##### DATA EXTRACT
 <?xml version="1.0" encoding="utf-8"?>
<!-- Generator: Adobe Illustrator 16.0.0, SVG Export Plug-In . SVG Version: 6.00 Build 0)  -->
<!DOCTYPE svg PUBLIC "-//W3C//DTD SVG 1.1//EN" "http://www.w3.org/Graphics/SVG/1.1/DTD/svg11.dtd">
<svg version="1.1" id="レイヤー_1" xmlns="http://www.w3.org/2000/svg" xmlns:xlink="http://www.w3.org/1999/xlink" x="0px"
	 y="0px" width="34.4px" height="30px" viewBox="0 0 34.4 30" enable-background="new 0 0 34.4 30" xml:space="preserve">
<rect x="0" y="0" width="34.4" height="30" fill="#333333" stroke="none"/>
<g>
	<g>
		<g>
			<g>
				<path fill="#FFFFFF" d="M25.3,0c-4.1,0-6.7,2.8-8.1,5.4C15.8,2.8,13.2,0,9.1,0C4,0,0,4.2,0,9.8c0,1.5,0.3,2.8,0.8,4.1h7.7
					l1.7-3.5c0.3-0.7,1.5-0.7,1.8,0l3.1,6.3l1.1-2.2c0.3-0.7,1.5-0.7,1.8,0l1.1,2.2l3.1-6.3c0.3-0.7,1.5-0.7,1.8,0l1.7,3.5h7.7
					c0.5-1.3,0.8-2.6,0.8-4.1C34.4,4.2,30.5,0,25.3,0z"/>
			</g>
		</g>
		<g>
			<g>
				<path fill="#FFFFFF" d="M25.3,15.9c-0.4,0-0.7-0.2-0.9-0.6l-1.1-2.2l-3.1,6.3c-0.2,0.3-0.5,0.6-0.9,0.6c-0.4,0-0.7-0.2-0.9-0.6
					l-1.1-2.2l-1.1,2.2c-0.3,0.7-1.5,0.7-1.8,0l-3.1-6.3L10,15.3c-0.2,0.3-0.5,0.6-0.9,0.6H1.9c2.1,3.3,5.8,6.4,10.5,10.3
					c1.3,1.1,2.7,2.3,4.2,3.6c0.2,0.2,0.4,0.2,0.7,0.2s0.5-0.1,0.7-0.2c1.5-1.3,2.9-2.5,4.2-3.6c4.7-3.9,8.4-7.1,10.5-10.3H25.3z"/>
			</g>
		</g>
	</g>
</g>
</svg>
##########
* **INSTRUCTIONS TO FOLLOW**:
The data above needs to be retyped in full, exactly as given.

* **OUTPUT FOR THIS TASK**:
 <?xml version="1.0" encoding="utf-8"?>
<!-- Generator: Adobe Illustrator 16.0.0, SVG Export Plug-In . SVG Version: 6.00 Build 0)  -->
<!DOCTYPE svg PUBLIC "-//W3C//DTD SVG 1.1//EN" "http://www.w3.org/Graphics/SVG/1.1/DTD/svg11.dtd">
<svg version="1.1" id="レイヤー_1" xmlns="http://www.w3.org/2000/svg" xmlns:xlink="http://www.w3.org/1999/xlink" x="0px"
	 y="0px" width="34.4px" height="30px" viewBox="0 0 34.4 30" enable-background="new 0 0 34.4 30" xml:space="preserve">
<rect x="0" y="0" width="34.4" height="30" fill="#333333" stroke="none"/>
<g>
	<g>
		<g>
			<g>
				<path fill="#FFFFFF" d="M25.3,0c-4.1,0-6.7,2.8-8.1,5.4C15.8,2.8,13.2,0,9.1,0C4,0,0,4.2,0,9.8c0,1.5,0.3,2.8,0.8,4.1h7.7
					l1.7-3.5c0.3-0.7,1.5-0.7,1.8,0l3.1,6.3l1.1-2.2c0.3-0.7,1.5-0.7,1.8,0l1.1,2.2l3.1-6.3c0.3-0.7,1.5-0.7,1.8,0l1.7,3.5h7.7
					c0.5-1.3,0.8-2.6,0.8-4.1C34.4,4.2,30.5,0,25.3,0z"/>
			</g>
		</g>
		<g>
			<g>
				<path fill="#FFFFFF" d="M25.3,15.9c-0.4,0-0.7-0.2-0.9-0.6l-1.1-2.2l-3.1,6.3c-0.2,0.3-0.5,0.6-0.9,0.6c-0.4,0-0.7-0.2-0.9-0.6
					l-1.1-2.2l-1.1,2.2c-0.3,0.7-1.5,0.7-1.8,0l-3.1-6.3L10,15.3c-0.2,0.3-0.5,0.6-0.9,0.6H1.9c2.1,3.3,5.8,6.4,10.5,10.3
					c1.3,1.1,2.7,2.3,4.2,3.6c0.2,0.2,0.4,0.2,0.7,0.2s0.5-0.1,0.7-0.2c1.5-1.3,2.9-2.5,4.2-3.6c4.7-3.9,8.4-7.1,10.5-10.3H25.3z"/>
			</g>
		</g>
	</g>
</g>
</svg>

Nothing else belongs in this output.